Three of the four articles from the July 2022 email likewise prominently featured talking points from Energy Alliance. Energy Alliance is led by Bill Peacock, former Vice President of the Texas Public Policy Foundation, a right-wing think tank funded in part by Tim Dunn, a Texas energy billionaire and current board member. The organisation has a track record of attacking renewable energy. The message was clear: renewable energy is the problem in Texas. (Experts agree it is not.)

In another email from August 5 sent under the subject line “Dems push for ‘green’ investments despite negative consequences,” a similar pattern played out. Two of the three articles featured talking points from Energy Alliance. Energy Alliance did not respond to Gizmodo’s request for comment.

On July 13, the same day that conservation notices were sent out in Texas, Campaign Nucleus had sent out a “National Alert” with the subject line “Misery at the Pumps.” It featured five articles from five different websites covering five different states, all run by a company which research by the Tow Centre has connected to Timpone.

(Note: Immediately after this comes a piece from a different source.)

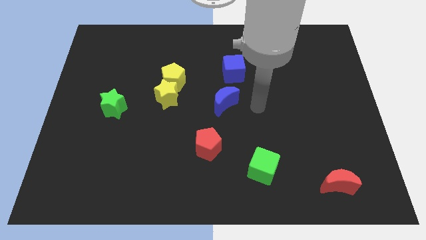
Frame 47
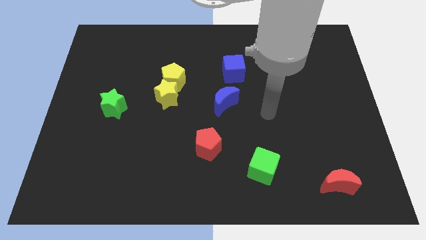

Another email from September 1 was sent under the subject line “Record high natural gas prices tied to Biden’s war on American energy.” It featured three articles from three different websites in three different states linked to Timpone’s pink slime network, all penned by the same writer, Caleb Lombardo. It is not uncommon for writers to contribute to multiple pink slime outlets that purportedly serve the interests of cities where they do not live, sometimes under entirely fake bylines, Tow Centre researchers found.

The number of “pink slime” sites in the Timpone-linked network has more than tripled since the Columbia Journalism Review first reported on it in 2019. By leveraging an extensive distribution list seemingly built through multiple Trump campaigns and events — this writer started receiving the emails from Campaign Nucleus-linked addresses after signing up for emails at a Trump rally in January — the reach of pink slime appears to be expanding. Now, articles from those websites are being served up en masse to unwitting Americans.